→ DIRECTIONS
Your answer must be the records below, printed exactly.

→ INPUT FOR THIS TASK
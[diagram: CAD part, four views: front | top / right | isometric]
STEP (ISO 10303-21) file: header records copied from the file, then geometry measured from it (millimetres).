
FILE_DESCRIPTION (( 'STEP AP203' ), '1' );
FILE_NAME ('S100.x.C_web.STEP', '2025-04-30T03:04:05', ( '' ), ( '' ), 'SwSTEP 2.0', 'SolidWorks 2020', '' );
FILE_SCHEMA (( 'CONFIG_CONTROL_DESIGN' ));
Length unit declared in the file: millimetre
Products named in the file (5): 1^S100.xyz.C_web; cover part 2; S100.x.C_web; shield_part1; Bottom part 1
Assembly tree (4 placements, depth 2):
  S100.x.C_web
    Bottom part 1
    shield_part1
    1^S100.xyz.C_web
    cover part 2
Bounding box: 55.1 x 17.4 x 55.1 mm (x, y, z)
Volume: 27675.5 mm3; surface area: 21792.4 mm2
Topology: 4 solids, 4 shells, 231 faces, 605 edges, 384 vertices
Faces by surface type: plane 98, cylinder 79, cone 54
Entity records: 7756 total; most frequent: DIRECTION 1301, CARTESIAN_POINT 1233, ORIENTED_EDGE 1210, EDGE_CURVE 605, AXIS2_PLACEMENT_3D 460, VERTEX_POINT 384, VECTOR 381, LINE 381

→ RESULT FOR THIS TASK
[diagram: CAD part, four views: front | top / right | isometric]
STEP (ISO 10303-21) file: header records copied from the file, then geometry measured from it (millimetres).
FILE_DESCRIPTION (( 'STEP AP203' ), '1' );
FILE_NAME ('S100.x.C_web.STEP', '2025-04-30T03:04:05', ( '' ), ( '' ), 'SwSTEP 2.0', 'SolidWorks 2020', '' );
FILE_SCHEMA (( 'CONFIG_CONTROL_DESIGN' ));
Length unit declared in the file: millimetre
Products named in the file (5): 1^S100.xyz.C_web; cover part 2; S100.x.C_web; shield_part1; Bottom part 1
Assembly tree (4 placements, depth 2):
  S100.x.C_web
    Bottom part 1
    shield_part1
    1^S100.xyz.C_web
    cover part 2
Bounding box: 55.1 x 17.4 x 55.1 mm (x, y, z)
Volume: 27675.5 mm3; surface area: 21792.4 mm2
Topology: 4 solids, 4 shells, 231 faces, 605 edges, 384 vertices
Faces by surface type: plane 98, cylinder 79, cone 54
Entity records: 7756 total; most frequent: DIRECTION 1301, CARTESIAN_POINT 1233, ORIENTED_EDGE 1210, EDGE_CURVE 605, AXIS2_PLACEMENT_3D 460, VERTEX_POINT 384, VECTOR 381, LINE 381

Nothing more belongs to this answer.